(Stored data entries)
________________

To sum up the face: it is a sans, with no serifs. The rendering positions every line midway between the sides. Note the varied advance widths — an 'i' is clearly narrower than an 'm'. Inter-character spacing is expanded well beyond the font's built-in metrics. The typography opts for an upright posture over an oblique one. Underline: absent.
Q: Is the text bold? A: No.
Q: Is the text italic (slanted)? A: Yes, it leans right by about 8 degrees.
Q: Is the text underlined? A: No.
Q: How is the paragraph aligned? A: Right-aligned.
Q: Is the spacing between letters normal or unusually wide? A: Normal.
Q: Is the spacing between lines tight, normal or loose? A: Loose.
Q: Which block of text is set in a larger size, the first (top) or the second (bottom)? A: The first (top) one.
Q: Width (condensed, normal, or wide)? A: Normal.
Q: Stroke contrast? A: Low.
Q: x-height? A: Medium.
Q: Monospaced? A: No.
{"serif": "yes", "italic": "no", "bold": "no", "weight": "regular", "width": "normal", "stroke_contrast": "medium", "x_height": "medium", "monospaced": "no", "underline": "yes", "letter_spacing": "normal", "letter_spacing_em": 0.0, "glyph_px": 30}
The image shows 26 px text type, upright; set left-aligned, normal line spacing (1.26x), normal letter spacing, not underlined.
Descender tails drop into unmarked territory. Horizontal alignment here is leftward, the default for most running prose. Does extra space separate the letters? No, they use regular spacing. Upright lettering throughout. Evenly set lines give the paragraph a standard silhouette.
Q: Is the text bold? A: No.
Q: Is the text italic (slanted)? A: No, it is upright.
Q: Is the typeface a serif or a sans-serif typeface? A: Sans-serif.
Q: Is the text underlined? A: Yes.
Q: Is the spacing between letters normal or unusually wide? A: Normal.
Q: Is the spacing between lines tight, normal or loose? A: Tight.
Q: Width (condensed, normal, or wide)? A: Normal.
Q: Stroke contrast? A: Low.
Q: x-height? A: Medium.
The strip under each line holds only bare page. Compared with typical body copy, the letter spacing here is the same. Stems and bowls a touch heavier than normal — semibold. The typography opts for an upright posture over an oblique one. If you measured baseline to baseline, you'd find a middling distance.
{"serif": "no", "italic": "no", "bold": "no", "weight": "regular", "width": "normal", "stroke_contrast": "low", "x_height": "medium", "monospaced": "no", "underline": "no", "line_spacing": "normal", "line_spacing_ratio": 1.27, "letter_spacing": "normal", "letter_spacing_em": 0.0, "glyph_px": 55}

________________

# TASK OBJECTIVE:
From the records above, extract each line exactly as shown.

# ANSWER TO THIS TASK:
To sum up the face: it is a sans, with no serifs. The rendering positions every line midway between the sides. Note the varied advance widths — an 'i' is clearly narrower than an 'm'. Inter-character spacing is expanded well beyond the font's built-in metrics. The typography opts for an upright posture over an oblique one. Underline: absent.
Q: Is the text bold? A: No.
Q: Is the text italic (slanted)? A: Yes, it leans right by about 8 degrees.
Q: Is the text underlined? A: No.
Q: How is the paragraph aligned? A: Right-aligned.
Q: Is the spacing between letters normal or unusually wide? A: Normal.
Q: Is the spacing between lines tight, normal or loose? A: Loose.
Q: Which block of text is set in a larger size, the first (top) or the second (bottom)? A: The first (top) one.
Q: Width (condensed, normal, or wide)? A: Normal.
Q: Stroke contrast? A: Low.
Q: x-height? A: Medium.
Q: Monospaced? A: No.
{"serif": "yes", "italic": "no", "bold": "no", "weight": "regular", "width": "normal", "stroke_contrast": "medium", "x_height": "medium", "monospaced": "no", "underline": "yes", "letter_spacing": "normal", "letter_spacing_em": 0.0, "glyph_px": 30}
The image shows 26 px text type, upright; set left-aligned, normal line spacing (1.26x), normal letter spacing, not underlined.
Descender tails drop into unmarked territory. Horizontal alignment here is leftward, the default for most running prose. Does extra space separate the letters? No, they use regular spacing. Upright lettering throughout. Evenly set lines give the paragraph a standard silhouette.
Q: Is the text bold? A: No.
Q: Is the text italic (slanted)? A: No, it is upright.
Q: Is the typeface a serif or a sans-serif typeface? A: Sans-serif.
Q: Is the text underlined? A: Yes.
Q: Is the spacing between letters normal or unusually wide? A: Normal.
Q: Is the spacing between lines tight, normal or loose? A: Tight.
Q: Width (condensed, normal, or wide)? A: Normal.
Q: Stroke contrast? A: Low.
Q: x-height? A: Medium.
The strip under each line holds only bare page. Compared with typical body copy, the letter spacing here is the same. Stems and bowls a touch heavier than normal — semibold. The typography opts for an upright posture over an oblique one. If you measured baseline to baseline, you'd find a middling distance.
{"serif": "no", "italic": "no", "bold": "no", "weight": "regular", "width": "normal", "stroke_contrast": "low", "x_height": "medium", "monospaced": "no", "underline": "no", "line_spacing": "normal", "line_spacing_ratio": 1.27, "letter_spacing": "normal", "letter_spacing_em": 0.0, "glyph_px": 55}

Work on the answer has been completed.